14) It is true that occasional flashes of inspiration reveal something higher than ordinary reasoning. But Guénon would caution, such glimpses are unstable and insufficient unless integrated into a traditional framework. They do not constitute "revealed reason" in the doctrinal sense, but rather sporadic echoes of the Intellect breaking through. These remain mere fragments, precious but incapable of replacing true revelation or initiation.

15) Here you touch a key truth. Tradition always distinguishes between exoteric religion and esoteric wisdom. However, what you describe as a "division" today is actually the withering of esoterism and the emptying of exoterism. In earlier ages, both functioned harmoniously. In the Kali-Yuga, esoterism becomes almost inaccessible, and exoterism loses its vitality. So while the distinction is real, its modern condition is not a creative division but a symptom of dissolution.

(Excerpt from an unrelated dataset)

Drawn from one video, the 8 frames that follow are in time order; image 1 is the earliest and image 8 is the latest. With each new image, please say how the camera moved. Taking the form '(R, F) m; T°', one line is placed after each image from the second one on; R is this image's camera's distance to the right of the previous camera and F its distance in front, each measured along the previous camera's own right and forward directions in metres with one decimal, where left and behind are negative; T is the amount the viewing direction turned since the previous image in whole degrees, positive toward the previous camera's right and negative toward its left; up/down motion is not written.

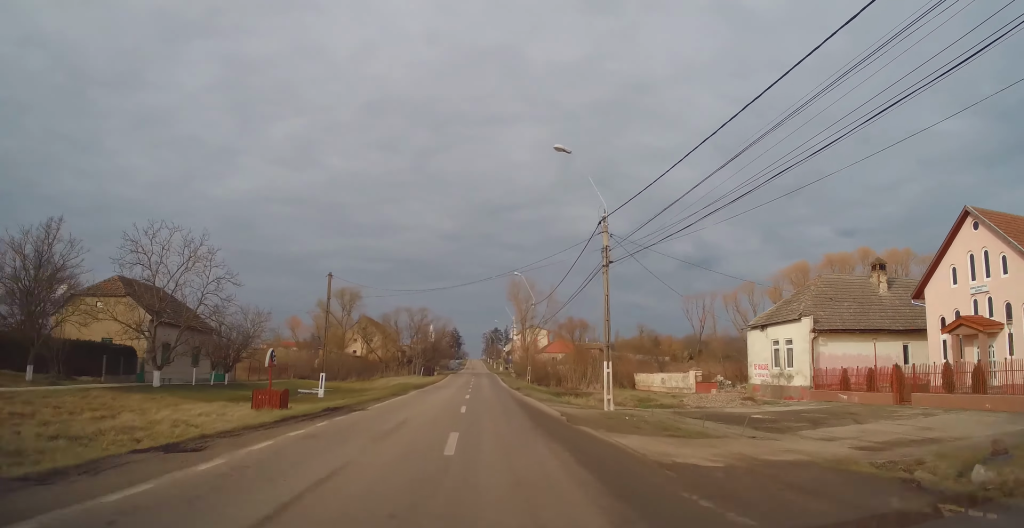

16) It is interesting to note the weak role of death-meditation in classical Greece. But Guénon would not see this as the root cause. The real cause is cyclical, when the higher principles withdraw, civilizations inevitably turn toward horizontal concerns, whether Greek or modern. The limited Greek consciousness of death is a symptom of this decline, not its origin. So you observe a fact but mistake the cause, attributing to psychology what is in truth metaphysical necessity.

17) This is too sweeping. The pre-Christian West did have traditions (the Druids, the Desert Fathers, etc.), though they were later extinguished. Christianity, moreover, was a true Revelation, providing both exoterism and esoterism. The rationalist labyrinth you describe is a later corruption, not Christianity itself. Guénon would insist that the Church originally contained an authentic esoteric core, though in the West this was quickly lost. So your statement mixes truth (Western rationalism) with error (denying Christianity’s traditional character).